Friday, February 26, 2021

WHEN LOVE IS NOT ENOUGH. Dr. Josimar Salum



WHEN LOVE IS NOT ENOUGH. Dr. Josimar Salum


“The Lord appeared to us in the past, saying: “I have loved you with an everlasting love; I have drawn you with unfailing kindness." Jeremiah 31:3 


How can such a great and deep love not be enough to maintain God's relationship with men? Why do many reject His gift of Love, ignore His mercy and despise His Grace?


"But God demonstrates his own love for us in this: While we were still sinners, Christ died for us." Romans 5:8 


How is it possible that God proves His love in such an amazing fashion and it is not enough for sinners to come and relate with Him? How can someone loved in this way leave this God to serve another or himself?


“For Christ’s love compels us, because we are convinced that one died for all, and therefore all died. And he died for all, that those who live should no longer live for themselves but for him who died for them and was raised again." 2 Corinthians 5:14‭-‬15 


Why are most people not compelled? Why do many with the knowledge that Jesus died and rose for all, continue to live for themselves and do not live for the one who died and rose for them? It is necessary to understand that you live only for him who died for many if you live for others!


"We love him because he loved us first." 1John 4:19 


However, why don't many love God even though they understand that God loved them first?


These are difficult and very complicated questions to ask. But they explain why interhuman relationships break up, why lasting friendships end, why marriages of people who "loved" each other since they were young break up after many, many years.


It is because a relationship only exists as a two-way manner,  with heads and tails, with positive and negative poles, as a couple is holding hands together, with mature complicity, loyalty and fidelity.


God loves me, but if I don't love him there is no salvation, no redemption, no relationship. Not for me.


God is faithful and He, at the very least, expects total fidelity, complete loyalty, absolute surrender. His love intensity is only complete if I love him with all my heart, with all my understanding, with all my strength and with all my soul.


There is no walk with God if my affection is shared with another being, object or person.


There are people, considered friends, family members who always receive, but they do not respond with gratitude, nor with sympathy, nor with recognition. There are people who only understand how to take advantage, put themselves first, and satisfy their childish selfishness. They always see what they receive as the obligation of the giver.


Now, a relationship with our Heavenly Father requires gratitude, sympathy, and appreciation. It is certain that God will continue to love always, God yes, but what man or woman has this capacity to love as God loved? And even if you love without reciprocity, how can you maintain a relationship? What if I don't love?


Our relationship with our neighbor mirrors our relationship with God. God loves me, but I don't love him. So there is no relationship. There is a separation. Someone loves me, but I don't. There is also no relationship. There is Love only if it is a relationship of two. I can't even love someone if I don't love myself! There is no lonely love, no one loves alone, not even God!
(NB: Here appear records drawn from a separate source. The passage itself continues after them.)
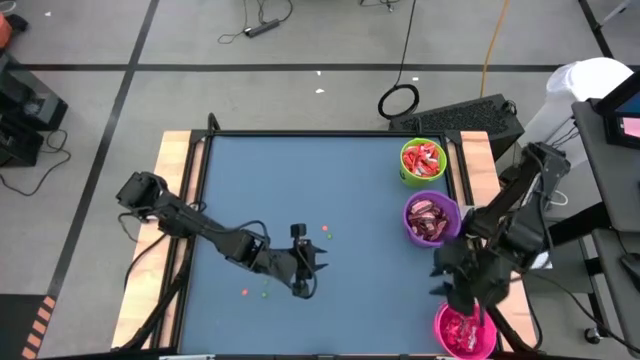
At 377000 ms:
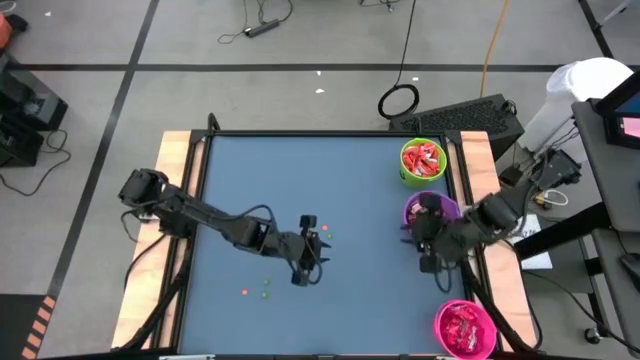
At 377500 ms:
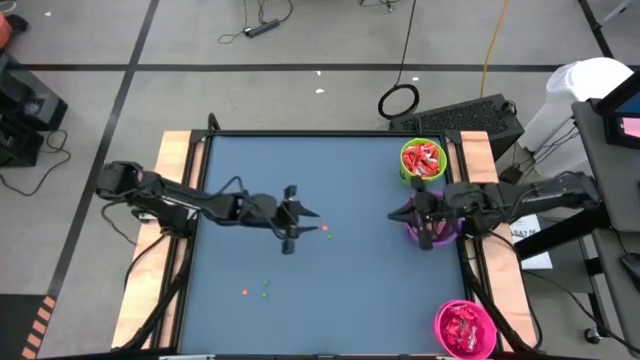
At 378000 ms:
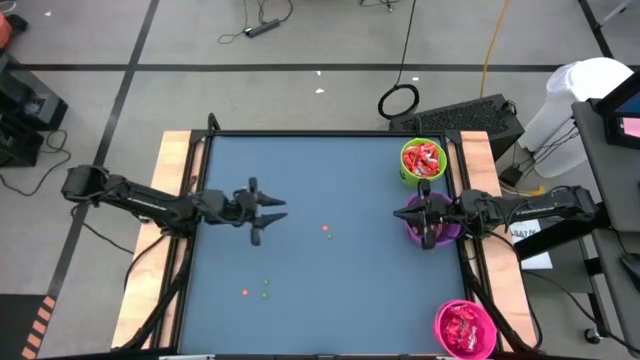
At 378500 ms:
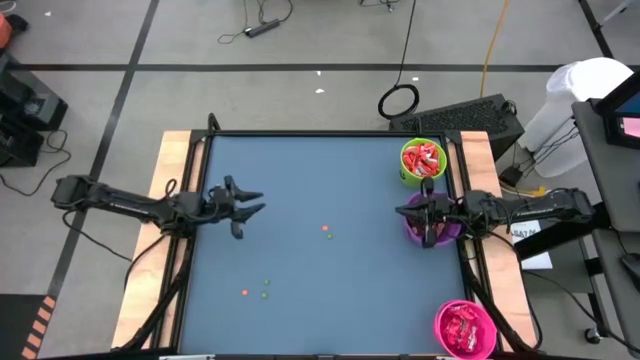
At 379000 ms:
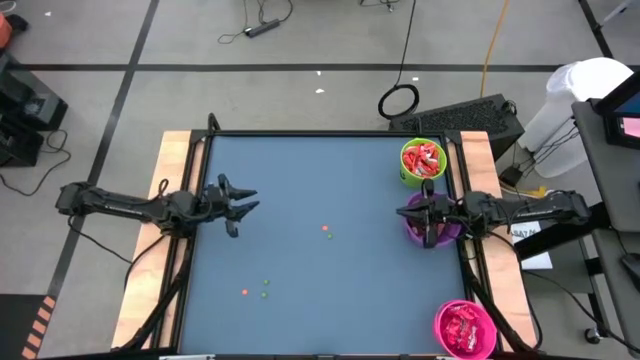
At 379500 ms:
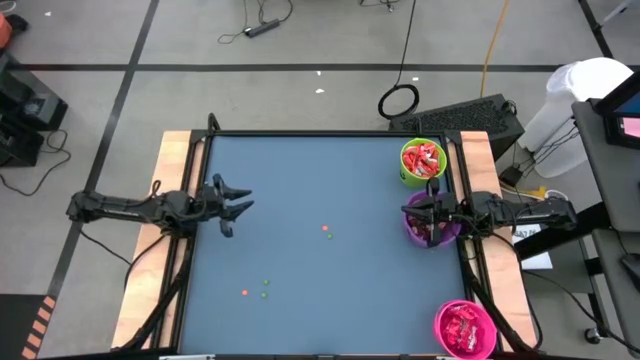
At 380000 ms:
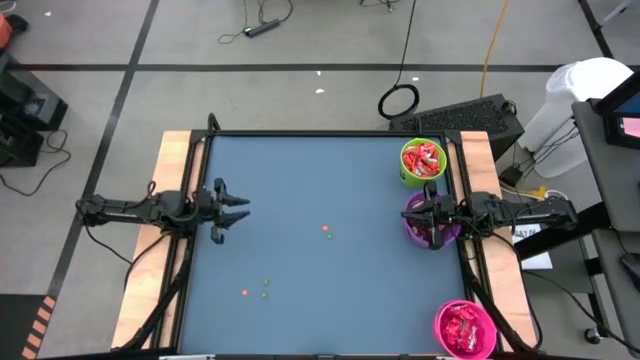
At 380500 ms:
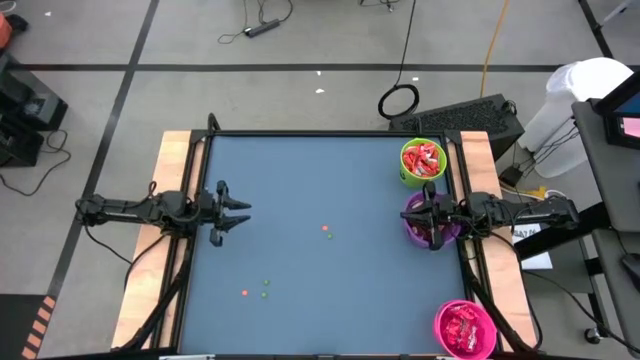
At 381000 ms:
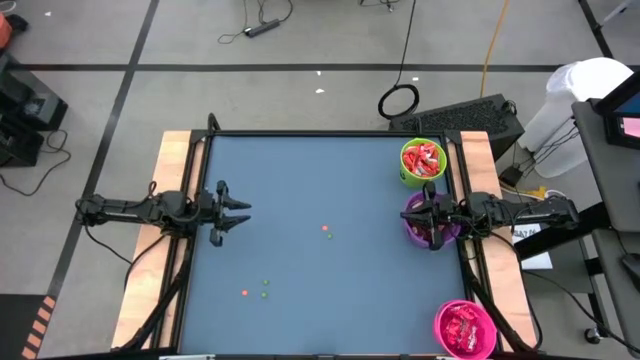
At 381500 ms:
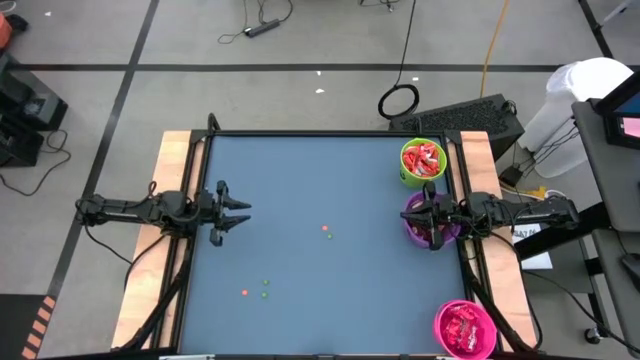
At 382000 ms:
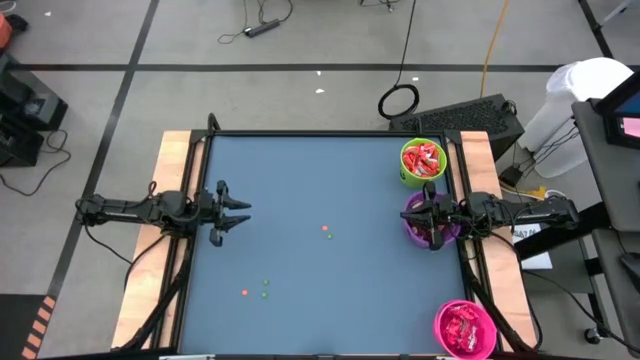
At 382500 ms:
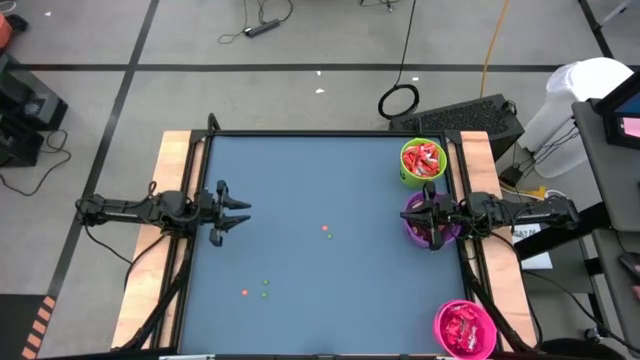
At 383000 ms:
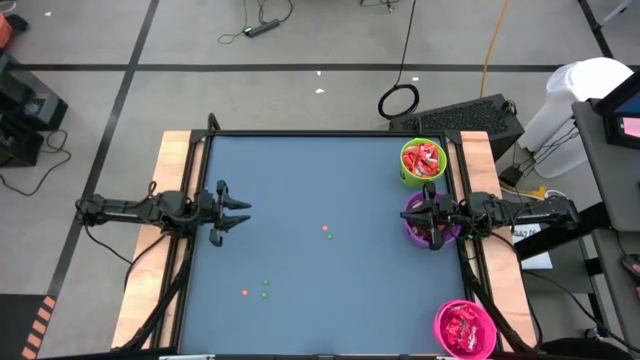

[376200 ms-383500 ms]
Task: Organize candy in baskets
Return to Home Position

Jesus said, "Come and follow me," but without my answer, my favorable nod and my objective correspondence to his invitation, there is no relationship. And there will be no relationship if I don't always follow him.
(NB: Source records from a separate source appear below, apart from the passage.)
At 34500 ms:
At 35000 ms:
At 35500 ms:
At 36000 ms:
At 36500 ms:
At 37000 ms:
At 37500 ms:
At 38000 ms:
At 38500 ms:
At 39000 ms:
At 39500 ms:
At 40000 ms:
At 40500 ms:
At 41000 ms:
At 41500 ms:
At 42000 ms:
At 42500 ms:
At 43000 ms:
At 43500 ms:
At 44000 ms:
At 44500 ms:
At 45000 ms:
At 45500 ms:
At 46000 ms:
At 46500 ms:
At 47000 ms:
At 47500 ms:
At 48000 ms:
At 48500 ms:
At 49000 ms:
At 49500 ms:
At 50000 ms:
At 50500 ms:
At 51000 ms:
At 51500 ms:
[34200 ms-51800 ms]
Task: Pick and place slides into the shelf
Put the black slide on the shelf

Any relationship based on personal interest, on the gifts or favors that one can receive, on the gifts that can be earned, on the expectations of satisfying desires will always come up against exactly the weakness of this relationship. In plain words, there is no relationship.


In the some marital relationships this happens very clearly. What started in romance, in bonds of commitment, walking together in the sufferings and challenges of living together tends to produce a rupture when exclusive loyalty, mutual loyalty and constant complicity of the two parts fail. And it becomes very serious when it is discovered later that a third party, another attention or another person was involved in this relationship that was to be exclusively for two.


Love is not enough to endure to the end and it is not enough to maintain the relationship when there is no reciprocity.


It is like this with God and men, it is like this between friends, between family members and between a man and a woman.


There is only true and complete Love if it is mutual, in the same intensity. God loves, nothing separates us from His love, except ourselves. In the list of nothing can separates us, in the list, however, I am not mentioned.


If "I don't love God", He having loved me first only contains His love in Himself. It's like taking a shower covered in plastic from head to toe. How will two walk together if they don't agree? If there is no covenant, it is because love is only words.


“My little children, don't love in word, not in language, but in deed and in truth. ” 1 John 3:18


Forgiving will also not be enough to restore these relationships. Forgiving will only benefit those who forgive, perhaps that is why God has already forgiven everyone. But to benefit both you will need real reconciliation! "I beg you to be reconciled to God." And if possible, restitution.


God is able to blindly trust me again. For a man and a woman, trust is not that easy. Only by a restorative action on the part of the Father! Yes, only God can heal and restore! Or start it over again! Yes, perhaps the only way is to start all over again!